Mücadeleci sendikacıların yer aldığı platformlarda yasanın yetersiz olması eleştiriliyor. Özellikle kiralık işçilik uygulamasının işçilere bağlanmasını eleştiren mücadeleci sendikacılar, “Bunun yerine kiralık işçinin çalıştığı işyeri baz alınmalı. Aynı işi değişik dönemlerde iki, üç, dört farklı işçi yapsa da burada çalıştırılan bütün kiralık işçilerin süreleri sayılmalı ve dokuzuncu aydan itibaren bu işte çalışan aynı ücreti almalı ve 18 aydan sonra buraya kadrolu bir işçi alınmalı” görüşündeler.
TİS GÖRÜŞMESİ YAPILMASIN!
Yasa değişikliğinde öngörülen bazı istisna maddeler yürürlükte olan toplusözleşmelerle gerekçelendirilmesi ise işin en trajik yönü denebilir. Ücretlerin düşük olması, ek zamların ödenmemesi, kadrolu olunamaması gibi birçok istisna uygulama, “TİS’lerde üzerine anlaşılmışsa yasa uygulanmaz” diye gerekçelendiriliyor.
Geride bıraktığımız yıllarda DGB ve ona bağlı sendikaları toplusözleşmeleri feshetmeye ve dolayısıyla yasal uygulamanın devreye girmesini sağlamaya çağıran mücadeleci sendikacılar şimdi DGB’nin TİS görüşmelerini yapmamasını istiyorlar. Böylece önümüzdeki yıldan itibaren kiralık işçilerin kadrolu işçilerle aynı ücreti alacaklarını belirten mücadeleci sendikacılar bunun için de bir imza kampanyası başlattılar. www.labournet.de/wp-content/uploads/2016/07/verleihnix.pdf adresinden indirilebilecek olan imza metinleriyle ilgili, “Klasik imza metnini seçmemizin nedeni bunun çıkışını aldıktan sonra işletmelerde, eskiden olduğu gibi iş arkadaşlarımızı ikna ederek imzalamalarını sağlamaya çağırmamız. Bu aynı zamanda son dönemlerde moda haline gelen sanal ortamdan çıkarak somut yüz yüze konuşarak işyeri politikası yapmaya çağrımızdır” denildi.
HÜKÜMETİN KİRALIK İŞÇİLİK VE TAŞERON KONUSUNDA ALDIĞI KARARLAR:
Kiralık işçiler 9 ay çalışmadan sonra firmanın esas işçileriyle eşit ücret alma ve 18 ay aynı firmada çalışma hakkına sahip.

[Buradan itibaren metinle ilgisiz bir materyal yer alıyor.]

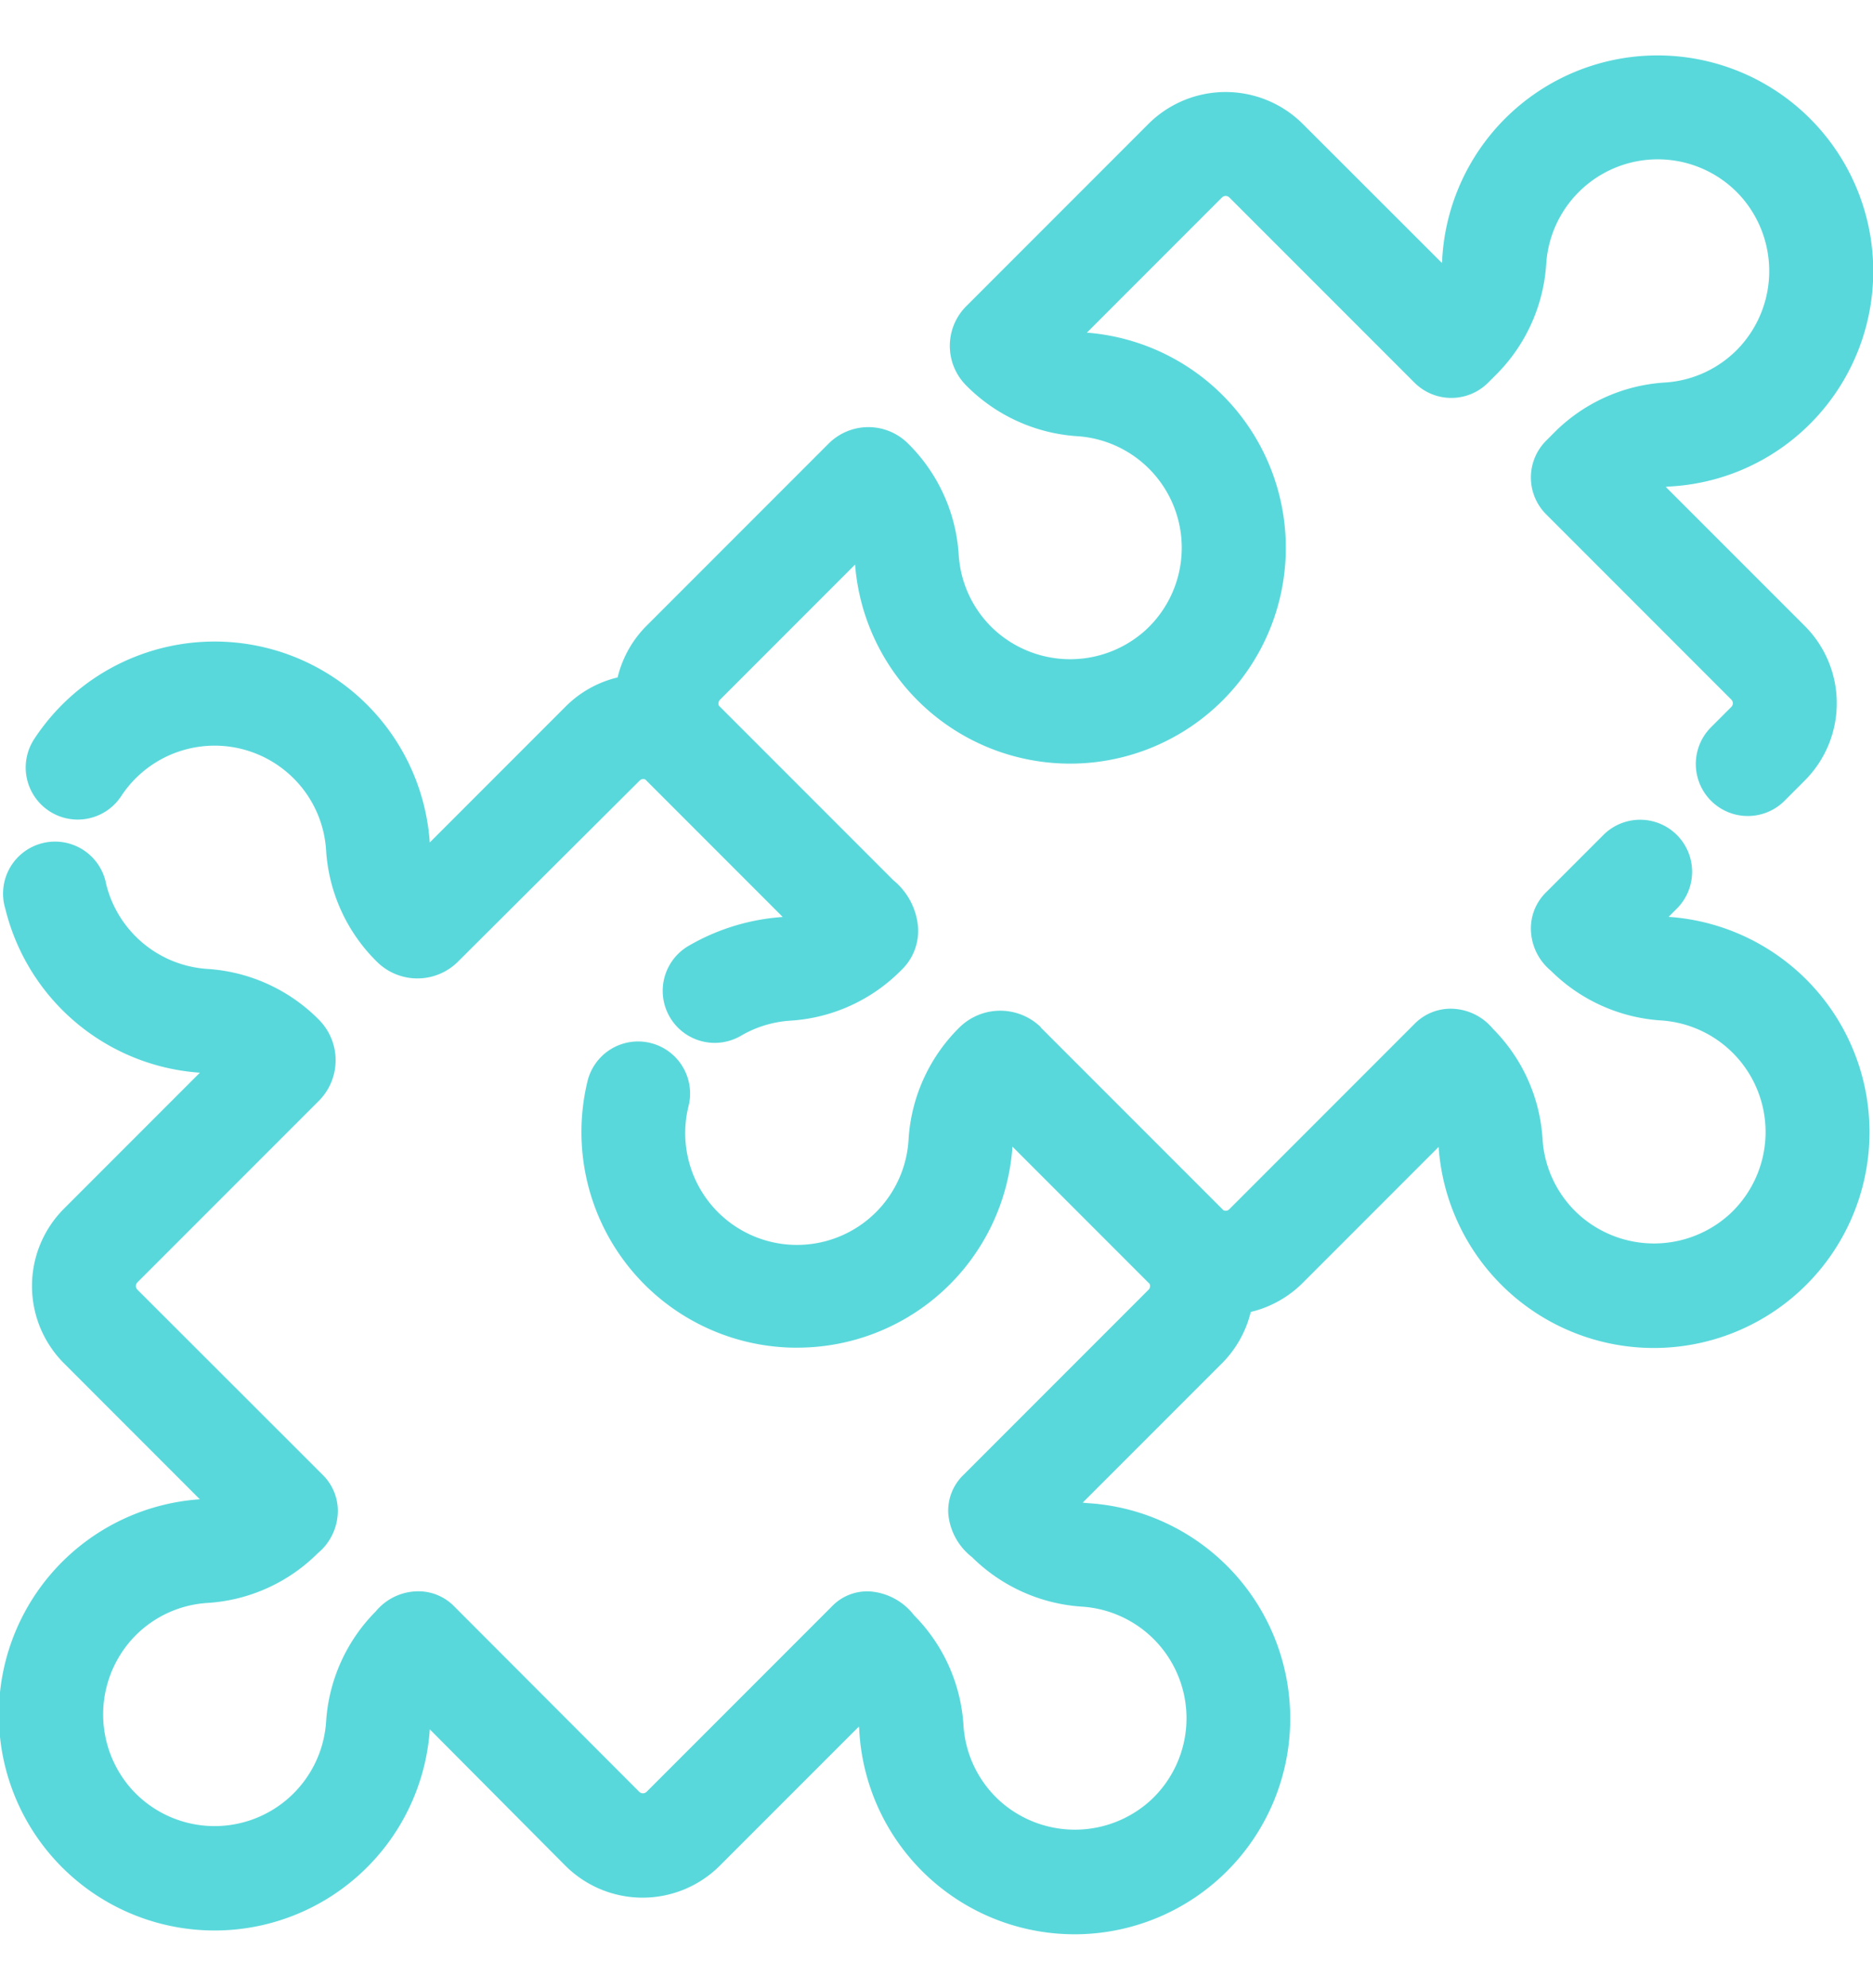 <svg xmlns="http://www.w3.org/2000/svg" width="45.25" height="48" viewBox="0 0 45.25 48"><defs><style>      .cls-1 {        fill: #59d8db;        fill-rule: evenodd;      }    </style></defs><path id="sg-cat-ico-integration_kopia" data-name="sg-cat-ico-integration kopia" class="cls-1" d="M52.086,11.413a5.185,5.185,0,0,1-3.575,1.724c-0.037,0-.074.006-0.111,0.011l3.359,3.358a2.639,2.639,0,0,1,0,3.73l-0.489.49a1.256,1.256,0,0,1-1.777-1.776l0.49-.49a0.125,0.125,0,0,0,0-.177l-4.474-4.474a1.256,1.256,0,0,1,0-1.777l0.179-.18a4.136,4.136,0,0,1,2.677-1.224,2.686,2.686,0,0,0,1.852-.894,2.713,2.713,0,0,0-.028-3.628A2.7,2.7,0,0,0,45.511,7.77a4.153,4.153,0,0,1-1.223,2.681l-0.181.181a1.259,1.259,0,0,1-1.777,0L37.855,6.158a0.126,0.126,0,0,0-.176,0L34.414,9.423a5.211,5.211,0,1,1-5.6,5.6l-3.264,3.264a0.131,0.131,0,0,0-.037.1,0.076,0.076,0,0,0,.016.049l0.02,0.019,4.188,4.188a1.639,1.639,0,0,1,.6,1.157,1.314,1.314,0,0,1-.411,1.02,4.123,4.123,0,0,1-2.667,1.215,2.7,2.7,0,0,0-1.2.364,1.256,1.256,0,1,1-1.272-2.167,5.231,5.231,0,0,1,2.279-.7l-3.285-3.285-0.03-.032a0.123,0.123,0,0,0-.143.025L19.221,24.61a1.389,1.389,0,0,1-1.962,0,4.137,4.137,0,0,1-1.224-2.676,2.686,2.686,0,0,0-.895-1.852,2.7,2.7,0,0,0-4.056.532,1.256,1.256,0,0,1-2.1-1.381,5.211,5.211,0,0,1,9.555,2.5l3.285-3.285a2.631,2.631,0,0,1,1.253-.7,2.633,2.633,0,0,1,.7-1.248l4.4-4.4a1.357,1.357,0,0,1,1.916,0,4.134,4.134,0,0,1,1.224,2.675,2.687,2.687,0,0,0,.895,1.852,2.715,2.715,0,0,0,3.628-.028,2.7,2.7,0,0,0-1.663-4.676A4.154,4.154,0,0,1,31.5,10.7a1.354,1.354,0,0,1,0-1.916l4.4-4.4a2.642,2.642,0,0,1,3.731,0L42.99,7.739C43,7.7,43,7.658,43,7.617A5.211,5.211,0,1,1,52.086,11.413ZM10.721,22.74a2.7,2.7,0,0,0,2.455,2.047,4.16,4.16,0,0,1,2.682,1.223,1.388,1.388,0,0,1,0,1.963l-4.382,4.381a0.125,0.125,0,0,0,0,.177L15.95,37a1.219,1.219,0,0,1,.365.95,1.33,1.33,0,0,1-.481.944,4.133,4.133,0,0,1-2.652,1.2,2.684,2.684,0,0,0-1.852.894,2.713,2.713,0,0,0,.028,3.628,2.7,2.7,0,0,0,4.677-1.663,4.15,4.15,0,0,1,1.2-2.655,1.337,1.337,0,0,1,.946-0.482,1.21,1.21,0,0,1,.959.373L23.6,44.655a0.126,0.126,0,0,0,.177,0l4.474-4.474a1.181,1.181,0,0,1,.941-0.363,1.482,1.482,0,0,1,1.046.574,4.131,4.131,0,0,1,1.194,2.645,2.687,2.687,0,0,0,.895,1.852,2.716,2.716,0,0,0,3.628-.029,2.7,2.7,0,0,0-1.664-4.676,4.155,4.155,0,0,1-2.652-1.195,1.491,1.491,0,0,1-.573-1.043A1.2,1.2,0,0,1,31.436,37l4.469-4.469a0.125,0.125,0,0,0,.024-0.142l-0.024-.023-3.289-3.289a5.211,5.211,0,0,1-5.2,4.854l-0.11,0a5.207,5.207,0,0,1-4.952-6.451,1.257,1.257,0,0,1,2.443.592,2.7,2.7,0,1,0,5.31.815A4.153,4.153,0,0,1,31.334,26.2a1.406,1.406,0,0,1,1.958-.016L33.3,26.2l4.382,4.381,0.031,0.032a0.123,0.123,0,0,0,.142-0.025l4.474-4.474a1.221,1.221,0,0,1,.948-0.365,1.33,1.33,0,0,1,.945.481,4.132,4.132,0,0,1,1.2,2.652,2.686,2.686,0,0,0,.895,1.852,2.715,2.715,0,0,0,3.628-.028,2.7,2.7,0,0,0-1.663-4.676,4.152,4.152,0,0,1-2.658-1.2,1.329,1.329,0,0,1-.481-0.944,1.222,1.222,0,0,1,.368-0.953l1.381-1.381a1.256,1.256,0,1,1,1.776,1.777l-0.2.2a5.211,5.211,0,1,1-5.556,5.555l-3.285,3.285a2.646,2.646,0,0,1-1.254.7,2.634,2.634,0,0,1-.7,1.245l-3.359,3.358q0.061,0.009.122,0.013a5.21,5.21,0,1,1-5.52,5.507q0-.056-0.011-0.111l-3.359,3.358a2.64,2.64,0,0,1-3.731,0L18.54,43.147a5.212,5.212,0,1,1-5.556-5.555L9.7,34.307a2.641,2.641,0,0,1,0-3.73l3.285-3.285a5.211,5.211,0,0,1-4.7-3.956A1.256,1.256,0,1,1,10.721,22.74Z" transform="translate(-8.156 -1.391)"></path></svg>

Çalışma Bakanı Andrea Nahles tarafından hazırlanan yasa tasarısını görüşen koalisyon ortakları bazı değişiklikler yapılması koşuluyla yasaya yeşil ışık yaktılar.
Yeni düzenlemeler şöyle:
Eşit ücret: Aynı firmada 9 ay çalışan bir kiralık işçi, firmanın esas işçileriyle eşit ücret alma hakkına sahiptir. Eğer işletmede kiralık işçilerin alacağı ek ödemeleri düzenleyen bir sözleşme varsa yani kimya ve metal dalında olduğu gibi ücretler ilk altı hafta çalışma sonrası yükseltiliyorsa sendika ve işveren bu uygulamadan vazgeçebilir. Her halükarda 15 ay sonra kiralık işçilerin ücretlerin firmanın asıl işçilerinin ücretleriyle eşit değerde olmalıdır.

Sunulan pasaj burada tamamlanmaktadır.